Thursday, October 15, 2009

Breaking the spell

Magic is a very old art, and one of the oldest rules in it is: Never repeat a trick.

Because when you repeat a trick, the little incidental words and movements that carried no significance for the audience suddenly become glaringly obvious as important clues to the mystery.

Curtain up.

Ladies and gentlemen! Live from New Orleans, Louisiana, we proudly present the astounding, the mystifying, the amazing President Barack Obama!

We take you now to the University of New Orleans, where a town hall meeting is just about to wrap up. The final question for the president comes from a little boy who is in the fourth grade.

"Why do people hate you?" 9-year-old Tyren Scott asked. "They're supposed to love you. And God is love."



"That's what I'm talking about," the president answered. His answer runs four paragraphs and includes his observation that people are "worried" and "feeling frustrated."

We take you now to Portsmouth, New Hampshire. It's August 11th and President Obama is holding a town hall meeting, where he is about to call on an 11-year-old girl.

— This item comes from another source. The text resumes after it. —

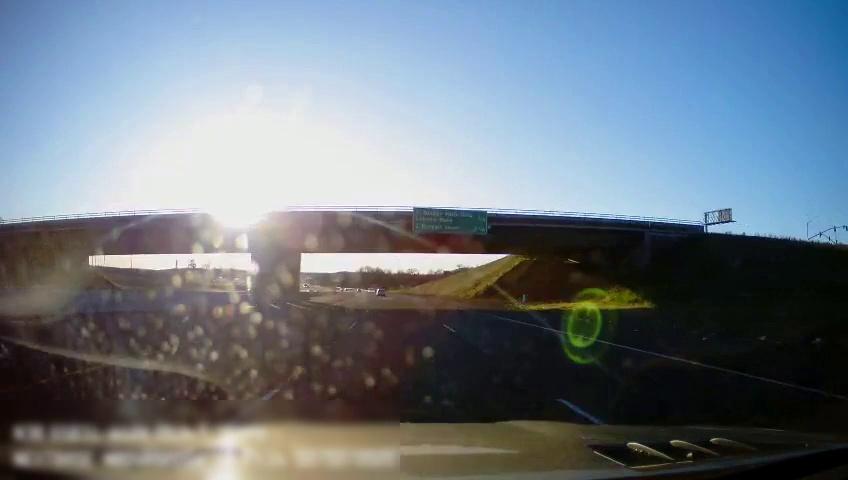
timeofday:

"All right, this young lady right here. She's still enjoying her summer. When do you go back to school?"

"I go back to school September 3rd."

"September 3rd, okay. What's your name?"

"Julia Hall from Malden, Massachusetts."

"Nice to meet you, Julia." (Applause.)

"I saw -- as I was walking in, I saw a lot of signs outside saying mean things about reforming health care. How do kids know what is true, and why do people want a new system that can -- that help more of us?"



President Obama's answer is eight paragraphs long in the White House's transcript and includes the sentence, "I recognize there is an underlying fear here."

Julia Hall turned out to be the daughter of a coordinator of Massachusetts Women for Obama, but White House spokesman Robert Gibbs insisted to reporters that the president chose questions at random.

If Tyren Scott has a connection to the Obama team, it hasn't yet become public.

But it certainly is strange that two children at two separate town hall meetings would ask a version of the same question, the question our famously thin-skinned president apparently asks himself every day: Why doesn't everyone love me?

His answer, it seems, is that the American people are a quivering mass of anxiety.

This would explain why he's on television so often. He thinks he's reassuring the nation. He thinks his policy goals are being blocked by irrational anxiety, stoked by unhelpful voices in the media.

So his goal is to silence or discredit the unhelpful voices, while staging little theatrical productions aimed at sending out the message that no serious, honest, well-informed person questions the wisdom of the president's policies.

Like any good magic show, it just makes your skin crawl.